Update: editorial is out now
best round i ever tested. keima orz
Have you forgotten that you were testing my round
best round I ever tested
worst round I ever tested
worst lie you ever lied
they just forgot to insert me :)
best thing they don't insert you .
NO
keima orz
I'm pretty sure it will be another bad contest. If you agree, upvote me.
best round i didnt tested
r/technicallythetruth
Your comment gave me goosebumps.
*tasted
Are you the first one from Philippines to make a contest on codeforces ?
No. robinyu made Codeforces Round #419, https://codeforces.me/blog/entry/52653.
I want to AK it,but I can't.
I hope I can become candidate master after this round :DDDDDDDDD
I hope, that this round will be balanced, and all people get results, they needed.
After almost 3 years I am back on CodeForces and gonna participate in this round. Wish me luck!
You lied. You didn't participate in this round.
It clashes with a codechef round , but after reading comments from testers ,it seems like, i should ditch that and participate here ...
best choice ever made
Same here I also ditched codechefs round and got +83 here
I think it must be one of the best contests in Codeforces!
I wish contest has strong pretests. I don't like to take wrong answers on main tests.
Whenever 300iq was taster , 193 tastcase passed and then suddenly wrong answer in tastcase 194
As a tester, I enjoyed solving problems. Well written problem statements mixed with Chinese culture. One of the problems is about a childhood game and it was completely interesting for me!

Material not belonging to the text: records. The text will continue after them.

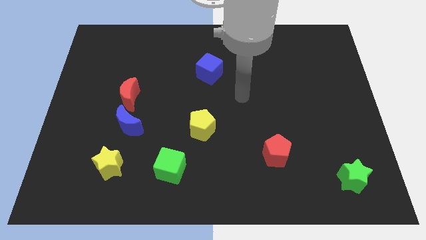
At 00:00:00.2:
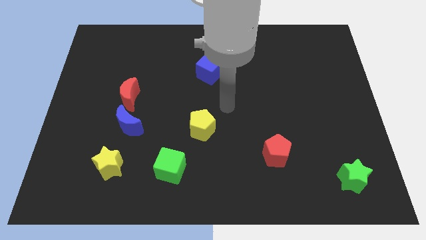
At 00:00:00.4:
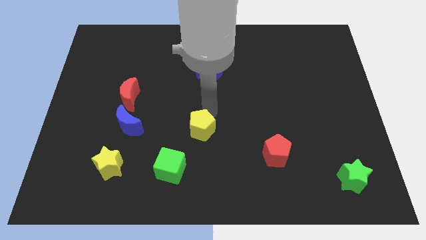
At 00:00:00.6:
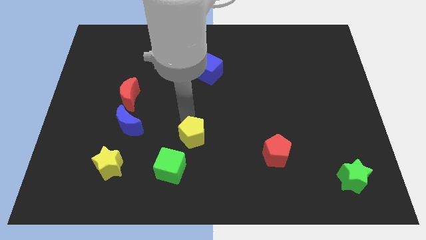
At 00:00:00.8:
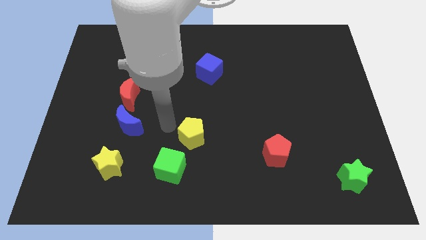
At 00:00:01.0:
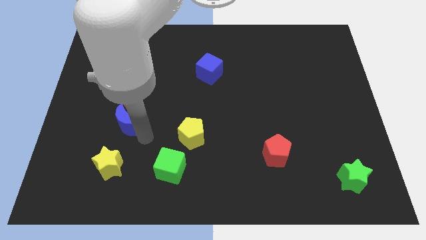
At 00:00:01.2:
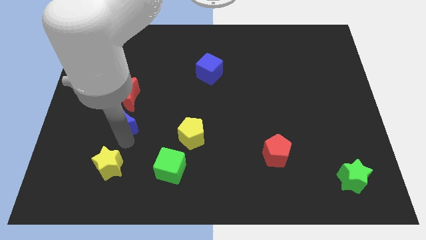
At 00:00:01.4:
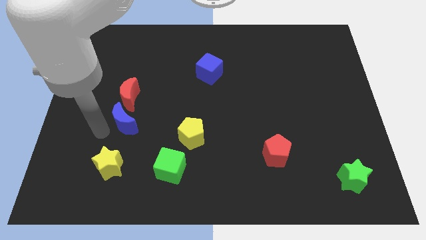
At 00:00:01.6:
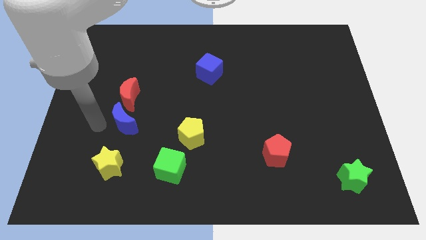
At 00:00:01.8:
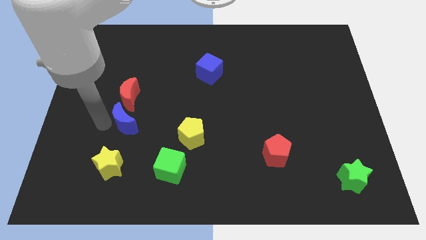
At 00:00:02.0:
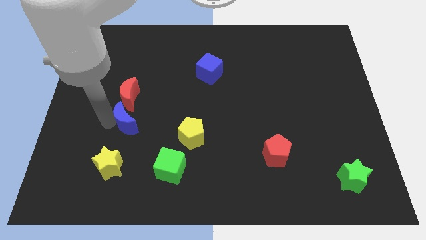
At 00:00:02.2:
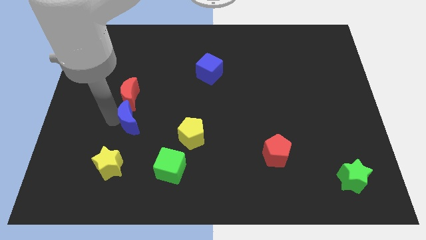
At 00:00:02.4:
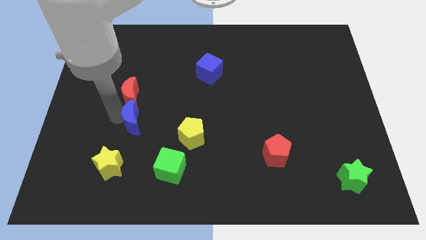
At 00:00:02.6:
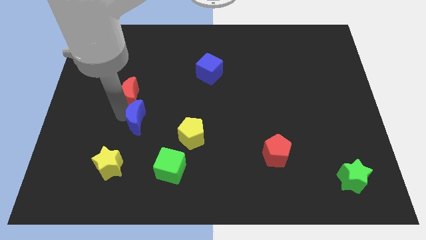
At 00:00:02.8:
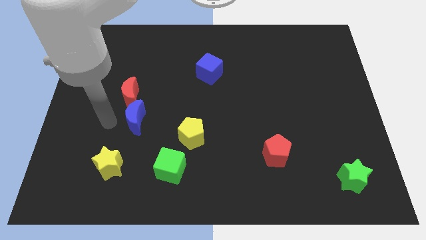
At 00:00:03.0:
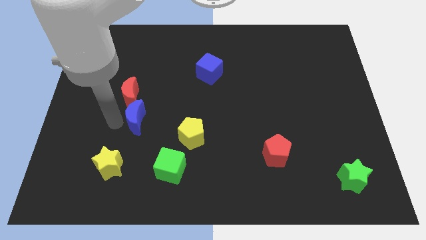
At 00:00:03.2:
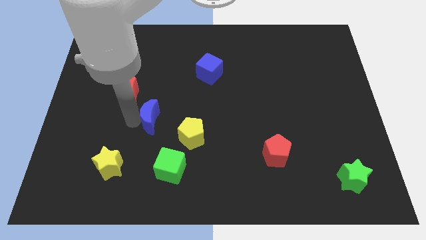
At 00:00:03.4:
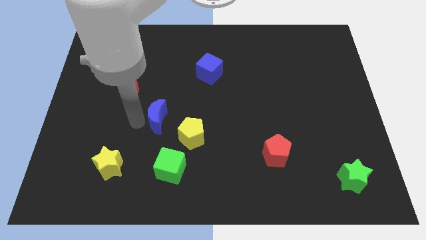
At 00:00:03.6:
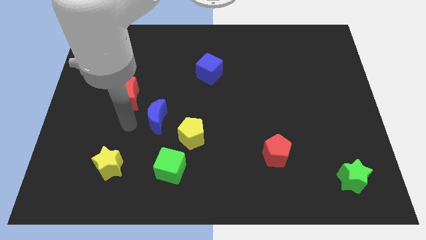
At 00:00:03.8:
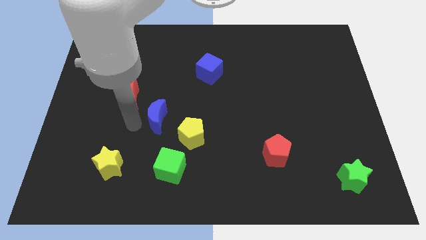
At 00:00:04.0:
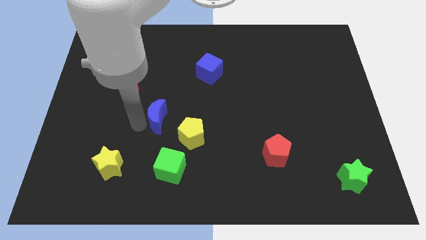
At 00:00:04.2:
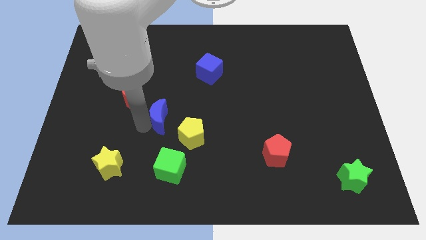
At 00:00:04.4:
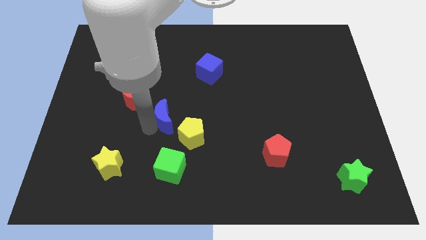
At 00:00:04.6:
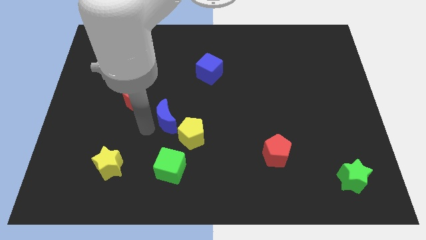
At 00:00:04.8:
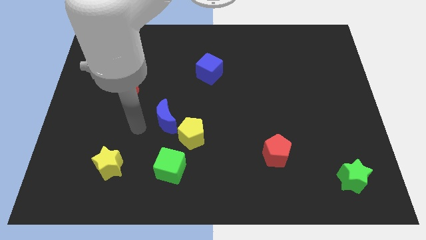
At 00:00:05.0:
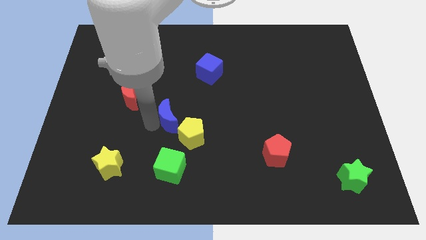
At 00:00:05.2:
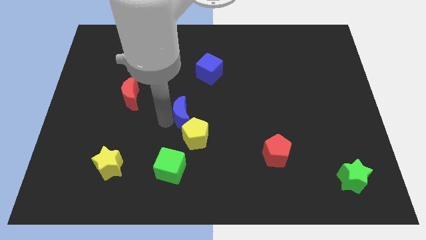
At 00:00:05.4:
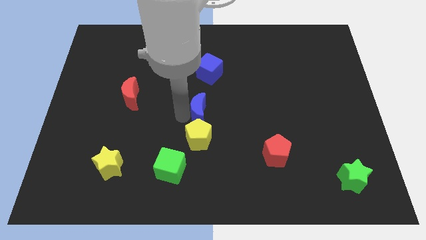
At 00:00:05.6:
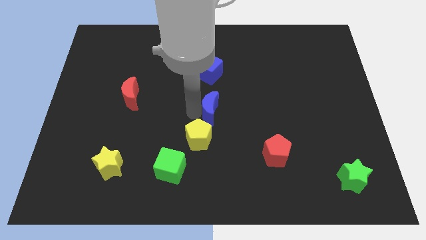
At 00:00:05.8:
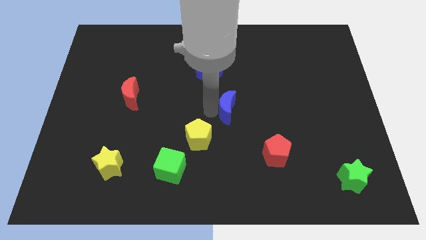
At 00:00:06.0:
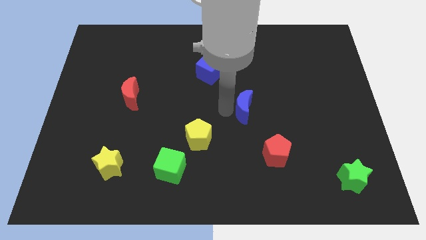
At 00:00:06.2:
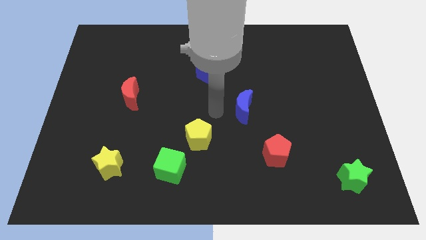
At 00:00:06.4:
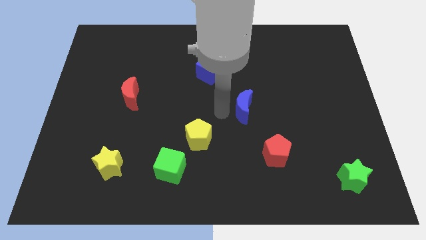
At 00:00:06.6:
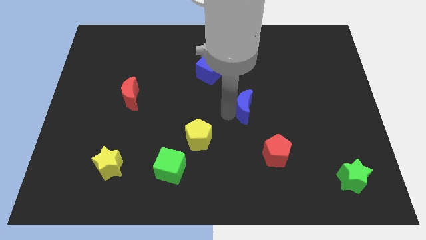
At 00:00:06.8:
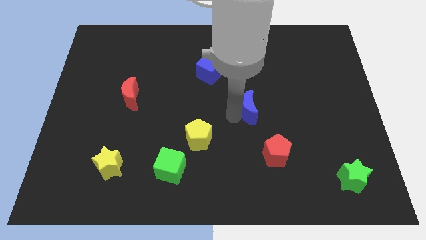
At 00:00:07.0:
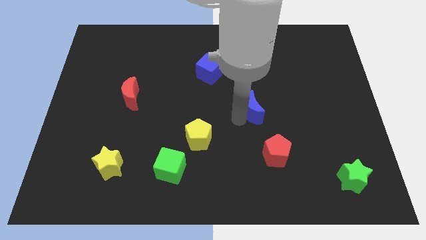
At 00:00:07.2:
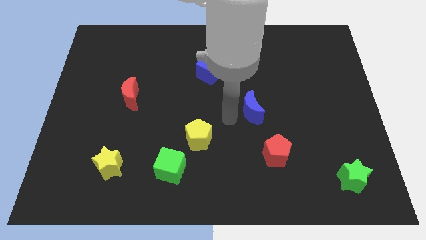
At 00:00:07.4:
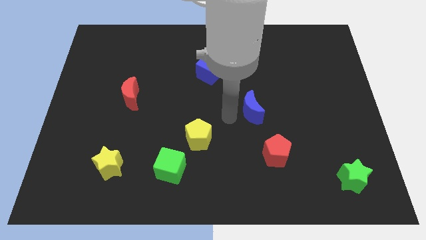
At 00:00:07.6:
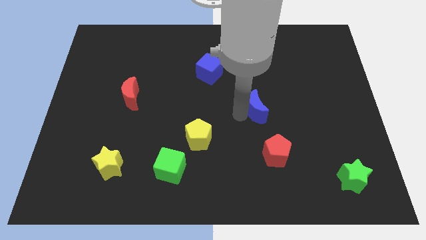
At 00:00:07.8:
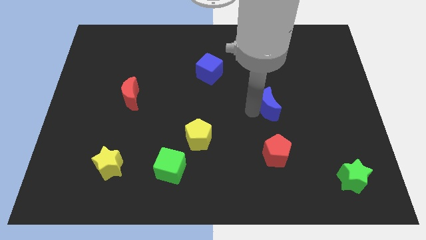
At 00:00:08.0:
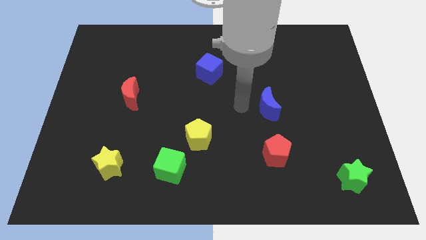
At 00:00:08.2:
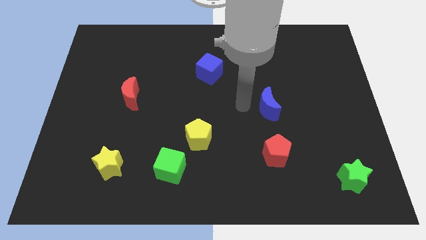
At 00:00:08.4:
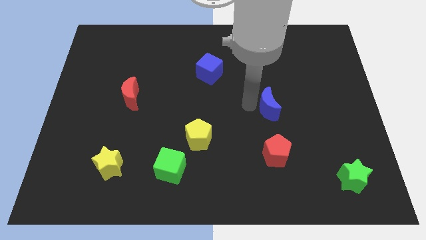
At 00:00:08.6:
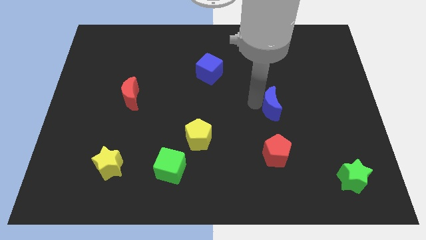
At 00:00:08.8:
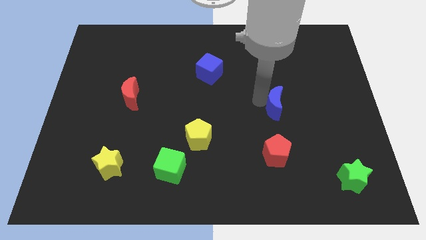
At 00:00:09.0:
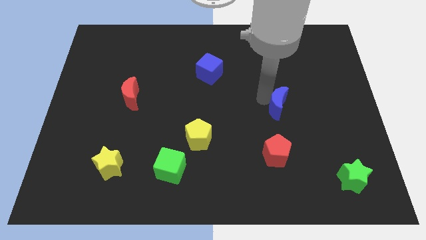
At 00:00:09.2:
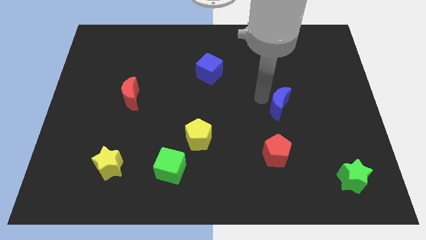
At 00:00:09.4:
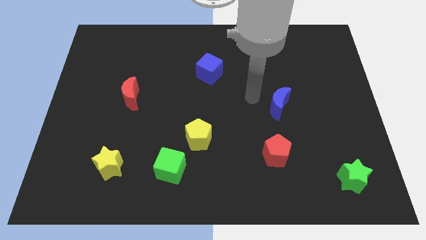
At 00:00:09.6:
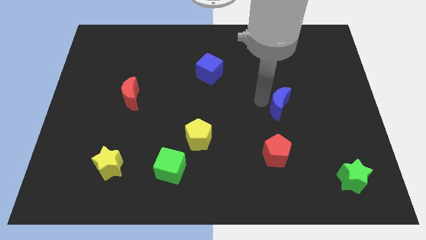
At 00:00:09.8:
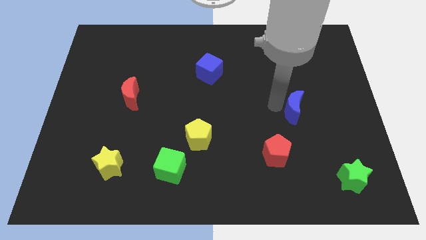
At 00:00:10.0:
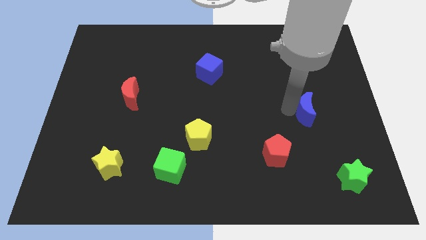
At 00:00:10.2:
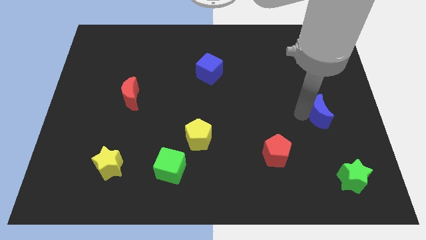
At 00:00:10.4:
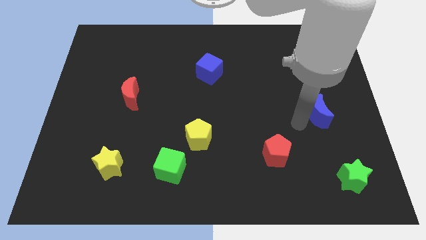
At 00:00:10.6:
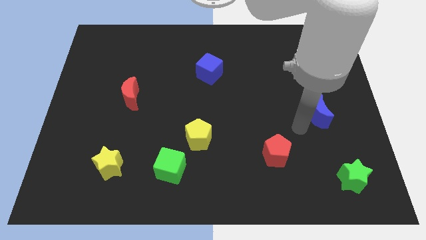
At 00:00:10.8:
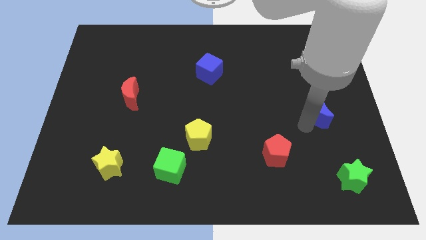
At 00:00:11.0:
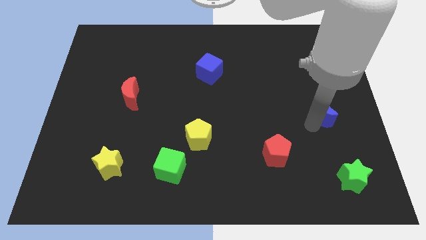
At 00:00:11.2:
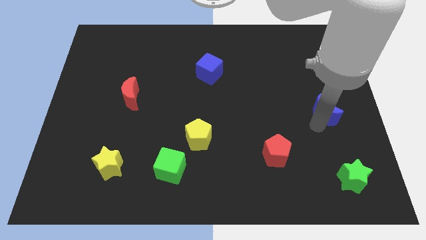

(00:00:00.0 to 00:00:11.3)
put the blue moon to the right side

how interesting would it be a D or E problem about game theory :P
It'll be interesting if C was combinatorics :P
I hope it is not interactive, I had bad luck trying to interact with my Chinese friends' kids!
Keima915 OP, from green to orange in 7 months .. interested about the contest to start my 7 months journey :p
I think it's not that hard. Good luck!
hope solve a,b,c
Please can anyone say me this round I wanna be specialist how many problems must I solve
Like what you did in your last round.
How can I improve? advise me something.
I already participated 27 contests result is newbie.
Always getting out of your comfort zone. And focusing on fixing your mistakes.
I think you only need solve 2 problems in short time or 3 problems
How they calculate it to be specialist?
By your relative ranking to other people, and your previous rating vs. other people's ratings around your ranking
huh.. very complicated, i will go and change the css to red.
It's very trouble :<
Expect for the constest!
want for the contest!
I wish I can get expert in the contest again. :)
Good luck to everyone!
I m back Bois.. Had a busy October but now I am back to top the charts again.
The contestants had to face some difficulty in the previous contest due to several server failure. Though it was overcome in few seconds but its disappointing to reload the page over and over again during the contest hour. Div-2 rating changes also had to roll back because of some problems and we had to wait for several hours to get the rating changes in the last contest. Hope the authority will take care of these matters in this round.
Auto comment: topic has been updated by DeliciousFlatChest (previous revision, new revision, compare).
Best of luck in your first contest!
Why first and second question has same score distribution....does that mean they have same difficulty level??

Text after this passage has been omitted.